Omit all pictures. Copy exactly the lines from the line containing "category: Drivable Space" to the end of the listing, with both ends included.

Data for analysis =>
::::::

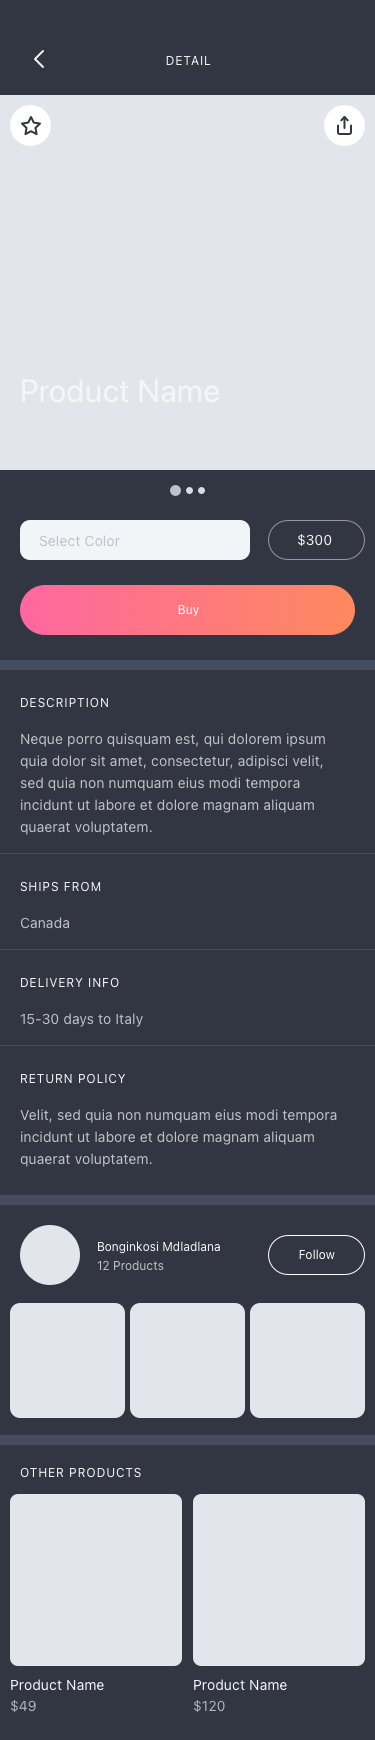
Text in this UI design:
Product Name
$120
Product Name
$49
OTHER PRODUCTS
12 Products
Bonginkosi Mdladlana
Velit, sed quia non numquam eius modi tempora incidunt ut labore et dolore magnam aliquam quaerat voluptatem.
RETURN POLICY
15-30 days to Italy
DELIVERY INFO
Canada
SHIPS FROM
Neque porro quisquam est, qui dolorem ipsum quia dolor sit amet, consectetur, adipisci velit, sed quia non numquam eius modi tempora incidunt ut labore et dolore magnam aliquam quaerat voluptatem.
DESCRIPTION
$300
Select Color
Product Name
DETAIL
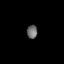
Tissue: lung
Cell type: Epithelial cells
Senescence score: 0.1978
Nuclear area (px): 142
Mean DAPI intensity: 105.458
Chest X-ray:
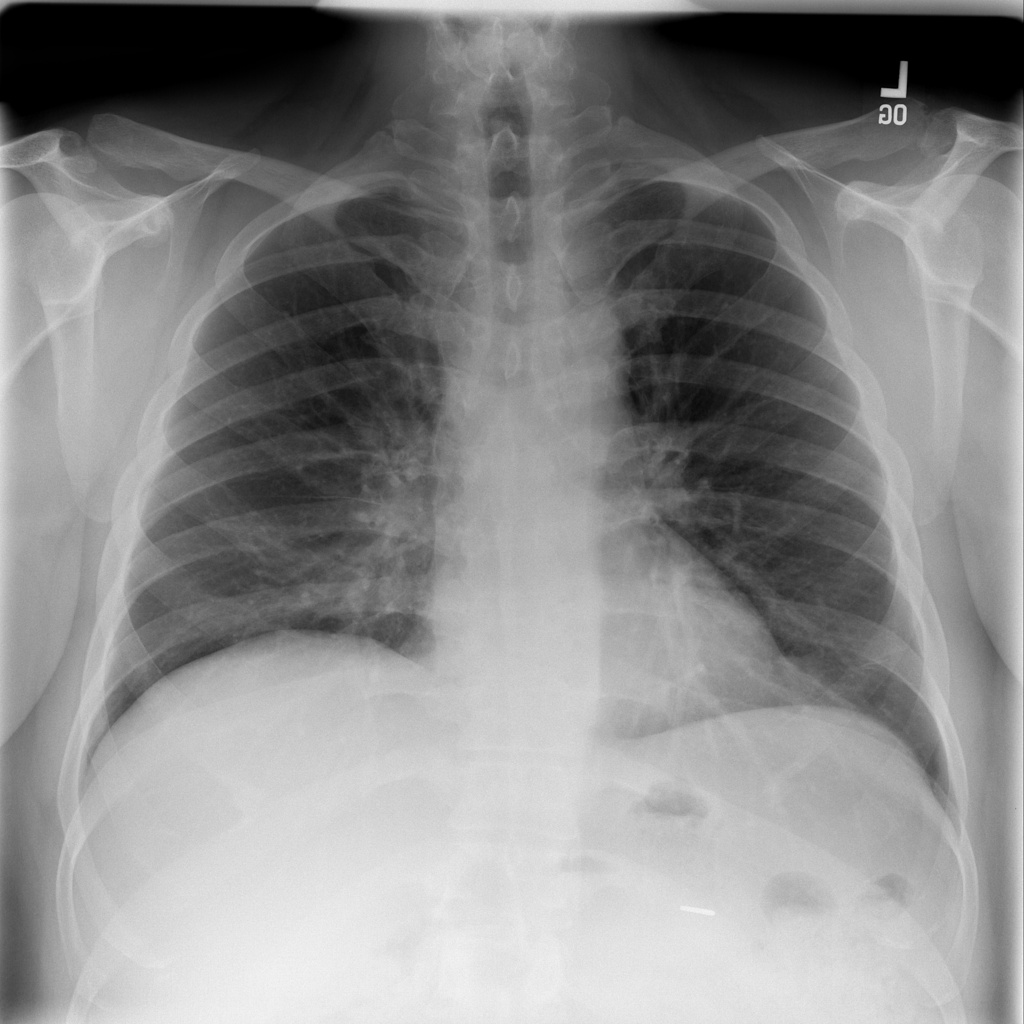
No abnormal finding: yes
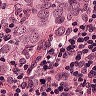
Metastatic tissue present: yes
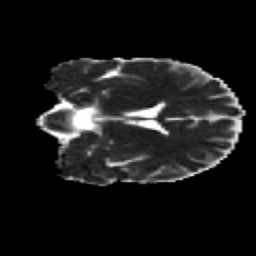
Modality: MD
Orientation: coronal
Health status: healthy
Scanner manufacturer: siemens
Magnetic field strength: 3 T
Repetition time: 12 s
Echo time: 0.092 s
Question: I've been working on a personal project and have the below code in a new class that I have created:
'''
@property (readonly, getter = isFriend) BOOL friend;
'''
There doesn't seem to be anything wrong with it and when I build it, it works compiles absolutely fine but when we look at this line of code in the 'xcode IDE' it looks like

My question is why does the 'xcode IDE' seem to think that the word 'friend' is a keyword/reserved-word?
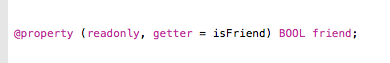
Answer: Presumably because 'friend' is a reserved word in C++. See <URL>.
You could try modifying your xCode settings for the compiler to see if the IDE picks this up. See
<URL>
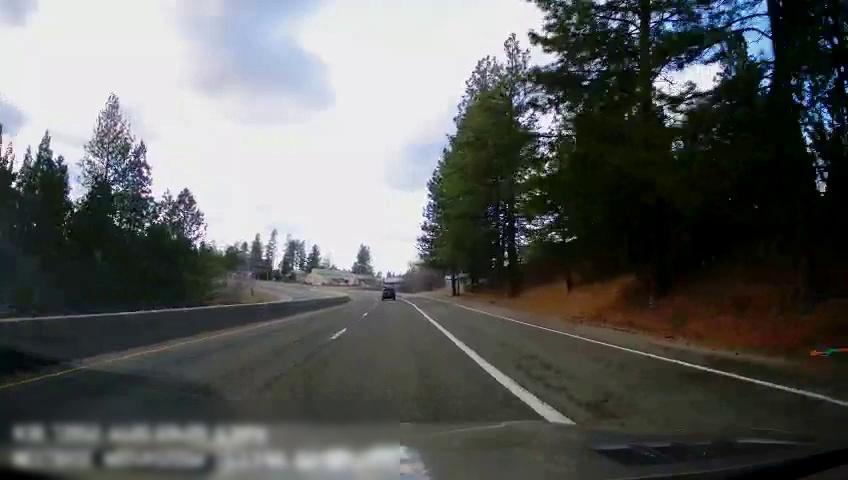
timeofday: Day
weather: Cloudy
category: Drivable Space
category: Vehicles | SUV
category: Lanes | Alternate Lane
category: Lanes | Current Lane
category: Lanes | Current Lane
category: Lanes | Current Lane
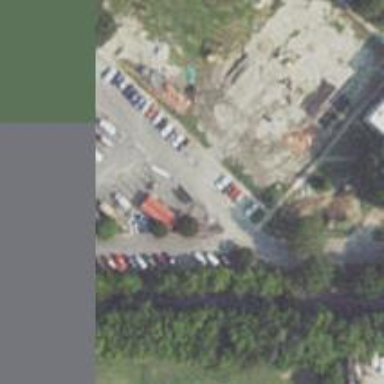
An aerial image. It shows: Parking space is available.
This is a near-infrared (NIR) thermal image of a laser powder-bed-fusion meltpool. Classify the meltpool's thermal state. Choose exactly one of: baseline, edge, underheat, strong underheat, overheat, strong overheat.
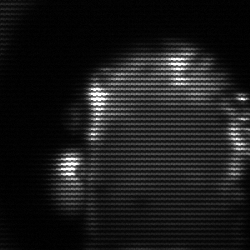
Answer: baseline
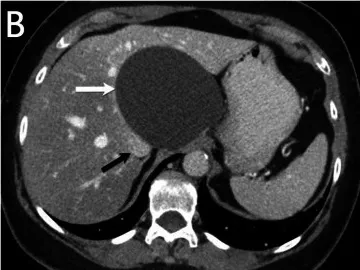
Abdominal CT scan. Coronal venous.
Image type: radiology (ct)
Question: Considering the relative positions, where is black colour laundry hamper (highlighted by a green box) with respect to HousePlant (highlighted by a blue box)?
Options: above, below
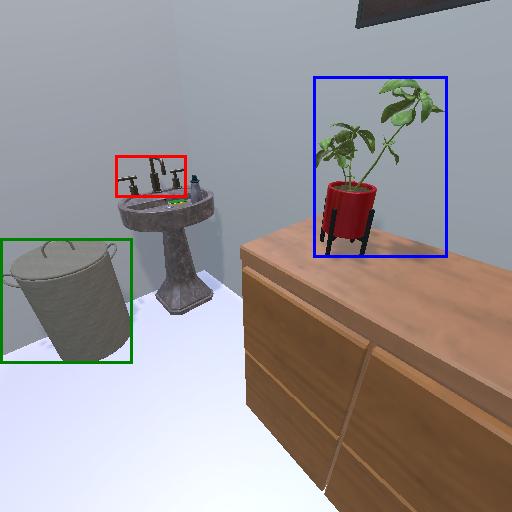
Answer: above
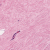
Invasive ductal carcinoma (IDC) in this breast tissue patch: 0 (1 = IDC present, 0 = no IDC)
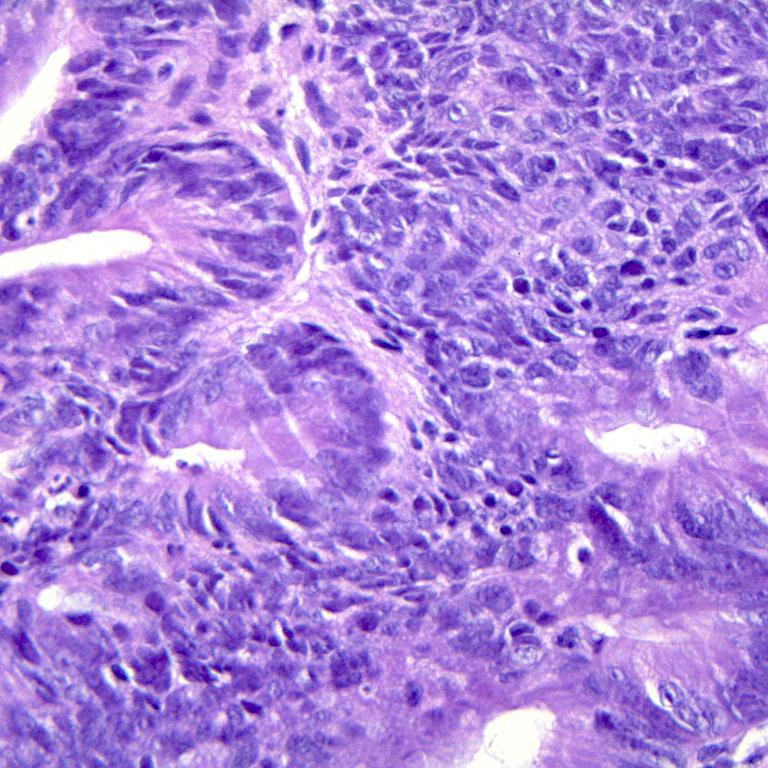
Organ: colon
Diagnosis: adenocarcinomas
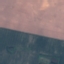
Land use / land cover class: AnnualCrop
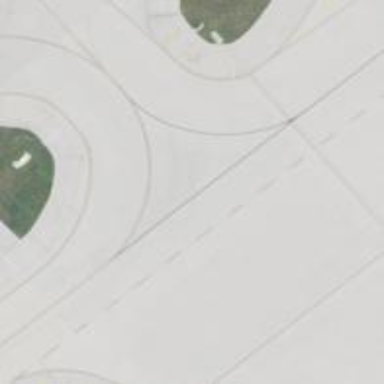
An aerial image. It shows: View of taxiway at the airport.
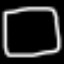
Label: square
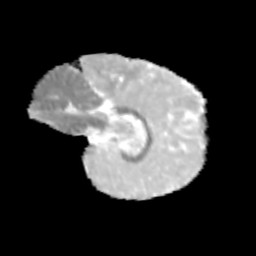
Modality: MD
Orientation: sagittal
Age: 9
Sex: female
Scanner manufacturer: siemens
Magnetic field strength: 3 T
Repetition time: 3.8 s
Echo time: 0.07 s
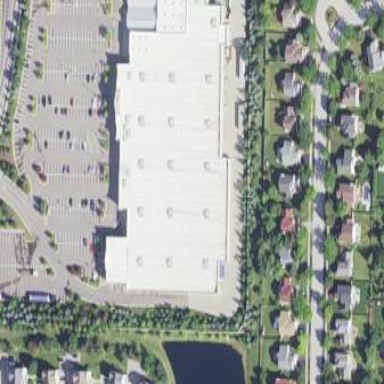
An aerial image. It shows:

::::::

Your response =>
category: Drivable Space
category: Vehicles | SUV
category: Lanes | Alternate Lane
category: Lanes | Current Lane
category: Lanes | Current Lane
category: Lanes | Current Lane
An aerial image. It shows: Parking space is available.
This is a near-infrared (NIR) thermal image of a laser powder-bed-fusion meltpool. Classify the meltpool's thermal state. Choose exactly one of: baseline, edge, underheat, strong underheat, overheat, strong overheat.
Answer: baseline
Abdominal CT scan. Coronal venous.
Image type: radiology (ct)
Question: Considering the relative positions, where is black colour laundry hamper (highlighted by a green box) with respect to HousePlant (highlighted by a blue box)?
Options: above, below
Answer: above
Invasive ductal carcinoma (IDC) in this breast tissue patch: 0 (1 = IDC present, 0 = no IDC)
Organ: colon
Diagnosis: adenocarcinomas
Land use / land cover class: AnnualCrop
An aerial image. It shows: View of taxiway at the airport.
Label: square
Modality: MD
Orientation: sagittal
Age: 9
Sex: female
Scanner manufacturer: siemens
Magnetic field strength: 3 T
Repetition time: 3.8 s
Echo time: 0.07 s
An aerial image. It shows:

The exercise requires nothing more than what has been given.